А вырвавшись на волю, Дмитрий Павлович превратился в молодого повесу – пьянки, рестораны, цыгане, – весь джентльменский набор молодого великого князя. Правда, он еще и спортсмен. И даже участник Стокгольмской олимпиады 1912 года, где занял девятое место в индивидуальном и пятое место в командном конкурсе.
Репутацию Дмитрия Павловича сильно портила дружба с молодым Феликсом Юсуповым, который был известен своими гомосексуальными наклонностями. Как, впрочем, и опекун Дмитрия дядя Серж. Естественно, подозрения падали и на самого Дмитрия Павловича, что, кстати, стало препятствием для его брака с дочерью Николая II Ольгой. Помолвку расстроил Распутин, публично обвинивший великого князя в гомосексуализме. Дмитрий Павлович найдет способ рассчитаться.

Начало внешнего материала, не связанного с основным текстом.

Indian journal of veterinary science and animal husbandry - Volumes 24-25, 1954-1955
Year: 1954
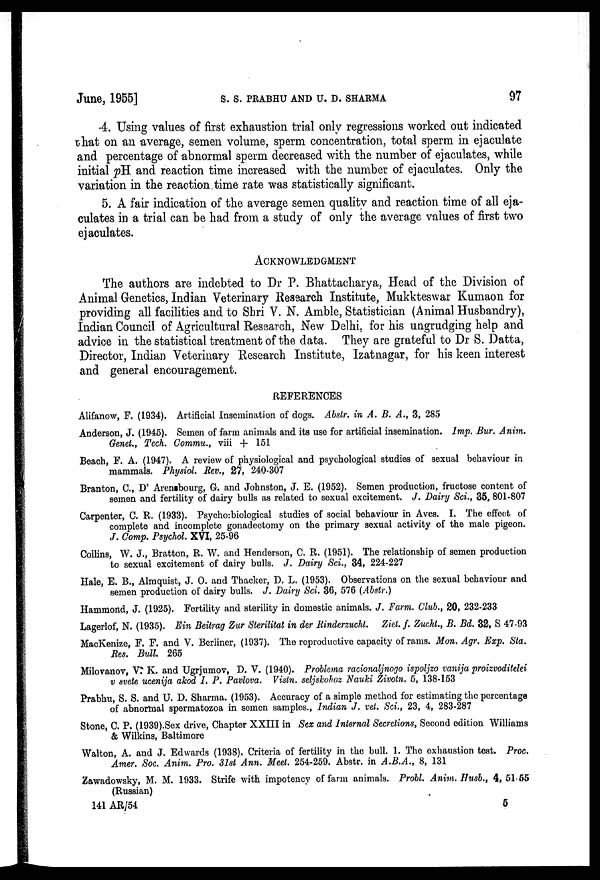
June, 1955]
S.
S.
PRABHU
AND
U.
D.
SHARMA
97
4. Using values of first exhaustion trial only regressions worked out indicated
that on an average, semen volume, sperm concentration, total sperm in ejaculate
and percentage of abnormal sperm decreased with the number of ejaculates, while
initial pH and reaction time increased with the number of ejaculates. Only the
variation in the reaction time rate was statistically significant.
5. A fair indication of the average semen quality and reaction time of all eja-
culates in a trial can be had from a study of only the average values of first two
ejaculates.
ACKNOWLEDGMENT
The authors are indebted to Dr P. Bhattacharya, Head of the Division of
Animal Genetics, Indian Veterinary Research Institute, Mukkteswar Kumaon for
providing all facilities and to Shri V. N. Amble, Statistician (Animal Husbandry),
Indian Council of Agricultural Research, New Delhi, for his ungrudging help and
advice in the statistical treatment of the data. They are grateful to Dr S. Datta,
Director, Indian Veterinary Research Institute, Izatnagar, for his keen interest
and general encouragement.
REFERENCES
Alifanow, F. (1934). Artificial Insemination of dogs. Abstr. in A. B. A., 3, 285
Anderson, J. (1945). Semen of farm animals and its use for artificial insemination. Imp. Bur. Anim.
Genet., Tech. Commu., viii + 151
Beach, F. A. (1947). A review of physiological and psychological studies of sexual behaviour in
mammals. Physiol. Rev., 27, 240-307
Branton, C., D' Arensbourg, G. and Johnston, J. E. (1952). Semen production, fructose content of
semen and fertility of dairy bulls as related to sexual excitement. J. Dairy Sci., 35, 801-807
Carpenter, C. R. (1933). Psycho:biological studies of social behaviour in Aves. I. The effect of
complete and incomplete gonadectomy on the primary sexual activity of the male pigeon.
J. Comp. Psychol. XVI, 25-96
Collins, W. J., Bratton, R. W. and Henderson, C. R. (1951). The relationship of semen production
to sexual excitement of dairy bulls. J. Dairy Sci., 34, 224-227
Hale, E. B., Almquist, J. O. and Thacker, D. L. (1953). Observations on the sexual behaviour and
semen production of dairy bulls. J. Dairy Sci. 36, 576 (Abstr.)
Hammond, J. (1925). Fertility and sterility in domestic animals. J. Farm. Club., 20, 232-233
Lagerlof, N. (1935). Ein Beitrag Zur Sterilitat in der Rinderzucht. Ziet. f. Zucht., B. Bd. 32, S 47-93
MacKenize, F. F. and V. Berliner, (1937). The reproductive capacity of rams. Mon. Agr. Exp. Sta.
Res. Bull. 265
Milovanov, V. K. and Ugrjumov, D. V. (1940). Problema racionaljnogo ispoljzo vanija proizvoditelei
v svete ucenija akod I. P. Pavlova. Vistn. seljskohoz Nauki Zivotn. 5, 138-153
Prabhu, S. S. and U. D. Sharma. (1953). Accuracy of a simple method for estimating the percentage
of abnormal spermatozoa in semen samples., Indian J. vet. Sci., 23, 4, 283-287
Stone, C. P. (1939).Sex drive, Chapter XXIII in Sex and Internal Secretions, Second edition Williams
& Wilkins, Baltimore
Walton, A. and J. Edwards (1938). Criteria of fertility in the bull. 1. The exhaustion test. Proc.
Amer. Soc. Anim. Pro. 31st Ann. Meet. 254-259. Abstr. in A.B.A., 8, 131
Zawadowsky, M. M. 1933. Strife with impotency of farm animals. Probl. Anim. Husb., 4, 51-55
(Russian)
141 AR/54
5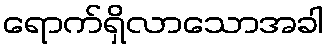
ရောက်ရှိလာသောအခါ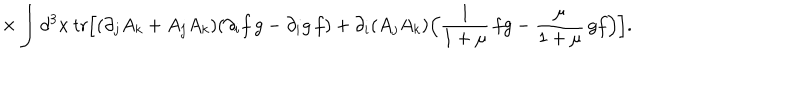
LaTeX: { \times } \int { d ^ { 3 } x \: \mathrm { t r } \Bigl [ ( \partial _ { j } A _ { k } + A _ { j } A _ { k } ) ( \partial _ { i } f \, g - \partial _ { i } g \, f ) + \partial _ { i } ( A _ { j } A _ { k } ) \Bigl ( \frac { 1 } { 1 + \mu } \, f g - \frac { \mu } { 1 + \mu } \, g f \Bigr ) \Bigr ] } .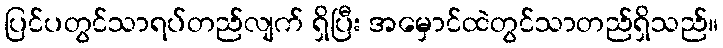
ပြင်ပတွင်သာရပ်တည်လျက် ရှိပြီး အမှောင်ထဲတွင်သာတည်ရှိသည်။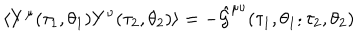
\langle Y ^ { \mu } ( \tau _ { 1 } , \theta _ { 1 } ) Y ^ { \nu } ( \tau _ { 2 } , \theta _ { 2 } ) \rangle = - \hat { \cal G } ^ { \mu \nu } ( \tau _ { 1 } , \theta _ { 1 } ; \tau _ { 2 } , \theta _ { 2 } )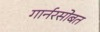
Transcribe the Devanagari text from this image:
गार्नरसोबत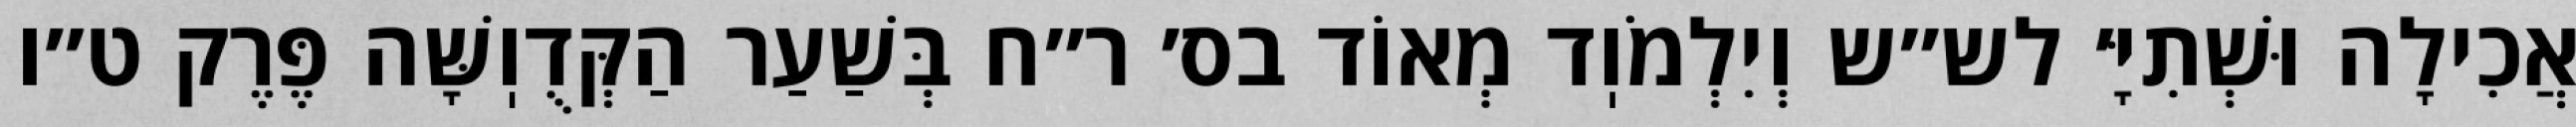
אֲכִילָה וּשְׁתִיָּ׳ לש״ש וְיִלְמֹוֽד מְאוֹד בס׳ ר״ח בְּשַׁעַר הַקְּדֻוֽשָּׁה פֶּרֶק ט״ו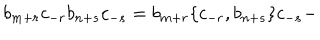
LaTeX: b _ { m + r } c _ { - r } b _ { n + s } c _ { - s } = b _ { m + r } \lbrace c _ { - r } , b _ { n + s } \rbrace c _ { - s } -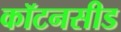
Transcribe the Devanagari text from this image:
कॉटनसीड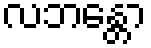
လဘန္တော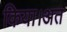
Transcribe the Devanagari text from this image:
किया।अत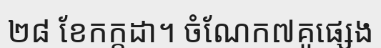
២៨ ខែកក្កដា។ ចំណែក៧គូផ្សេង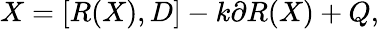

Надо сказать, неудачное сватовство не охладило отношений великого князя с царским семейством. Пожалуй, из всех великих князей Дмитрий – единственный, кто был по-человечески близок Николаю II. Царь закрывал глаза на все проделки своего кузена, который по возрасту годился ему в сыновья. Николая забавлял его невзыскательный казарменный юморок. Великий князь мог закончить письмо к императору следующим образом: «Твой всем сердцем и душою и телом, конечно, кроме жопы, преданный Дмитрий». Никто другой не смел себе такого позволить.